Use the next block of code to retrive the value of the Decision function at each datapoint in X_test for Logistic Regression model.

In [None]:
X_train, X_test, y_train, y_test = train_test_split(X, y_binary_imbalanced, random_state=0)

lr = LogisticRegression()
y_scores_lr = lr.fit(X_train, y_train).decision_function(X_test)   
lr_pred = lr.predict(X_test)
y_score_list = list(zip(y_test[0:20], y_scores_lr[0:20], lr_pred[0:20]))

# show the decision_function scores for first 20 instances
y_score_list

The following lines of code return the proba list for the Logistic Regression model.

In [None]:
X_train, X_test, y_train, y_test = train_test_split(X, y_binary_imbalanced, random_state=0)

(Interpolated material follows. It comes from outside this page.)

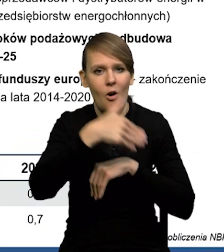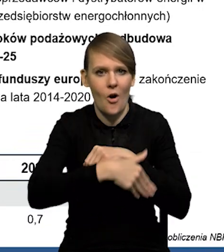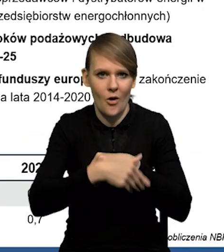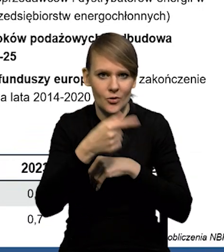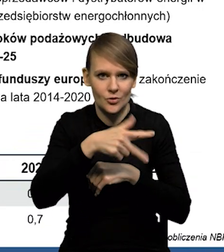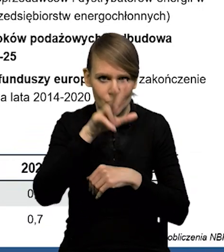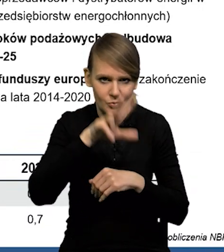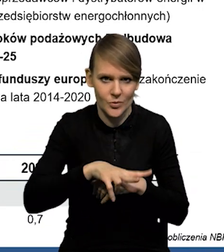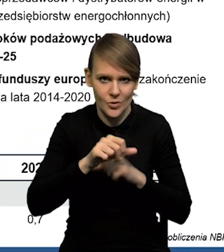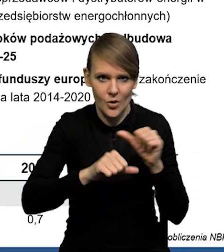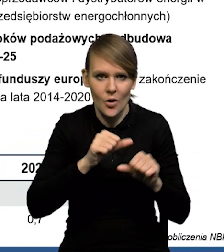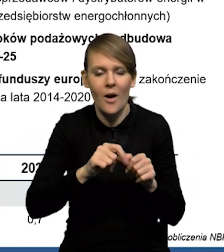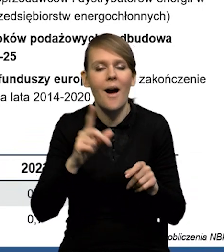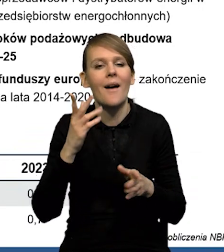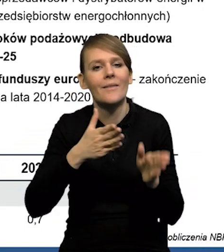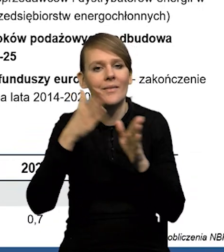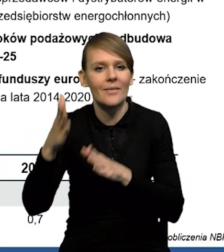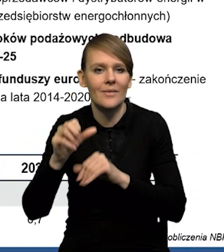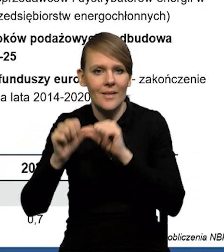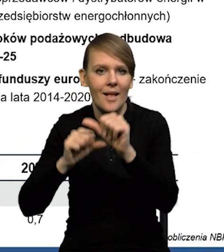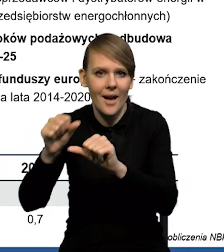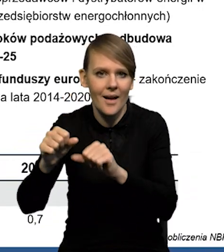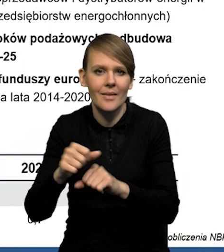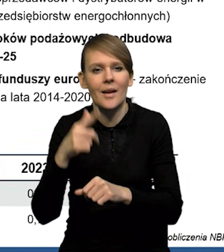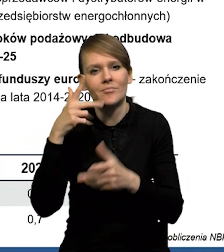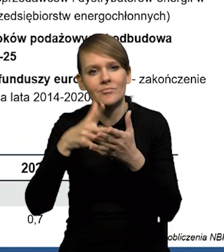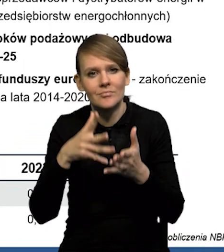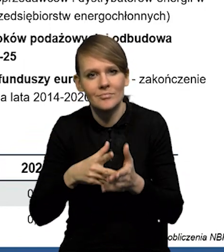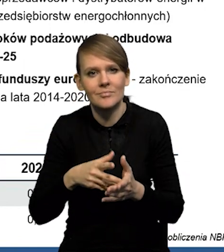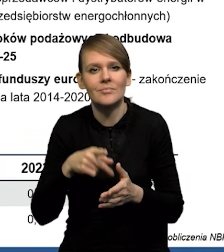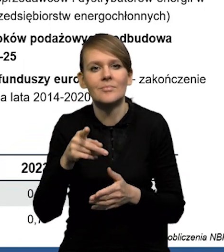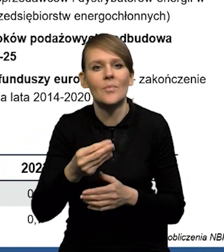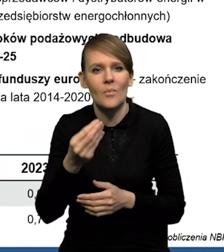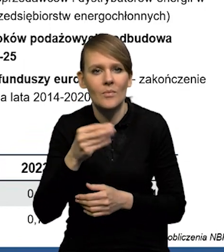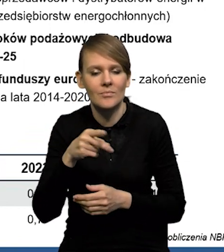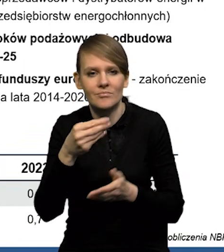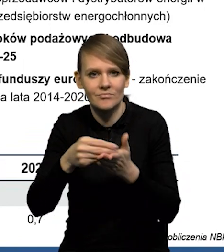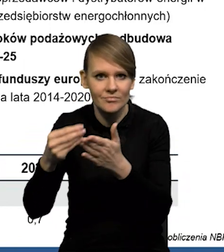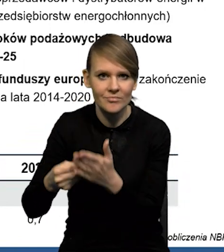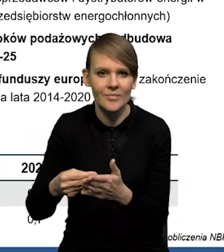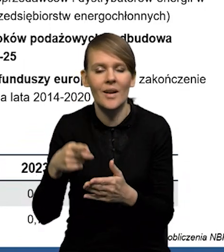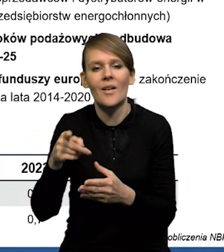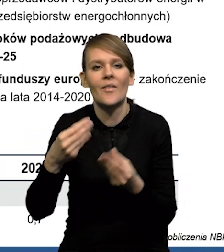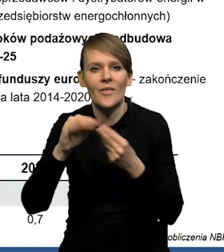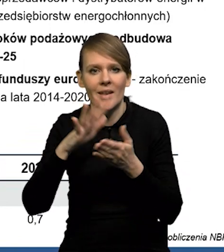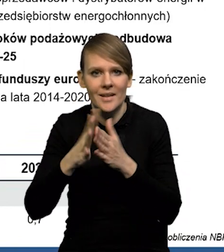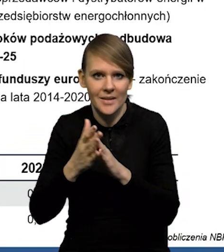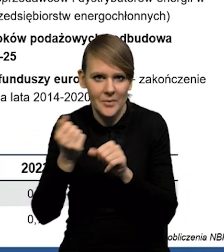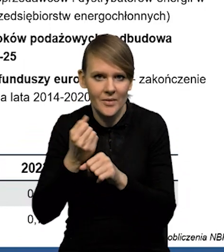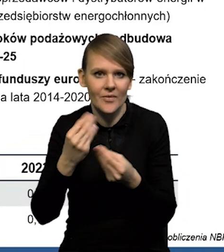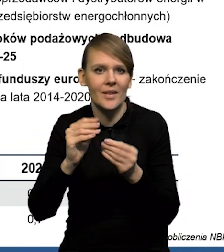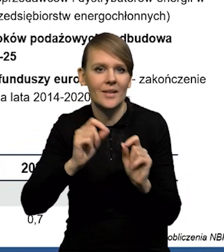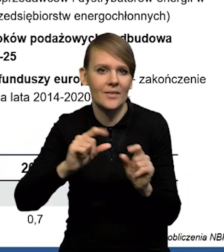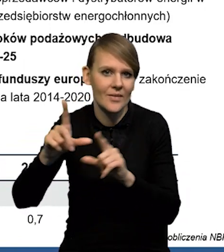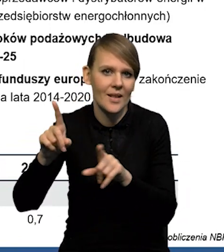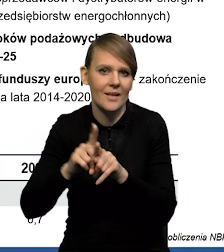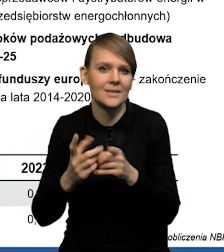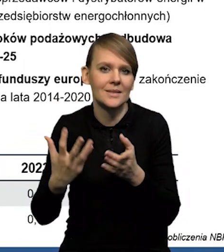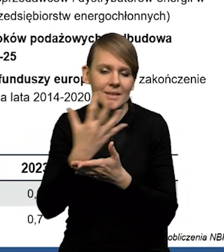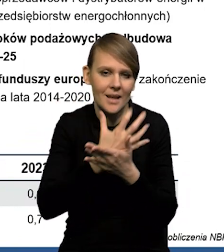Natomiast w kolejnych latach podnosimy prognozę spożycia ze względu na mocniejszy rynek pracy, niższą inflację i jednocześnie wyższą ścieżkę nominalnych wynagrodzeń,

y_proba_lr = lr.fit(X_train, y_train).predict_proba(X_test)
y_pred_lr=lr.predict(X_test)

y_proba_list = list(zip(y_test[0:20], y_proba_lr[0:20,1], y_pred_lr[0:20]))  

# show the probability of positive class for first 20 instances
y_proba_list

In [None]:
Y_pred_newt = (y_proba_lr[:,1]>=0.3).astype(int)

### Decision function and probability: Impact of Threshold

What is the impact of threshold on the predections?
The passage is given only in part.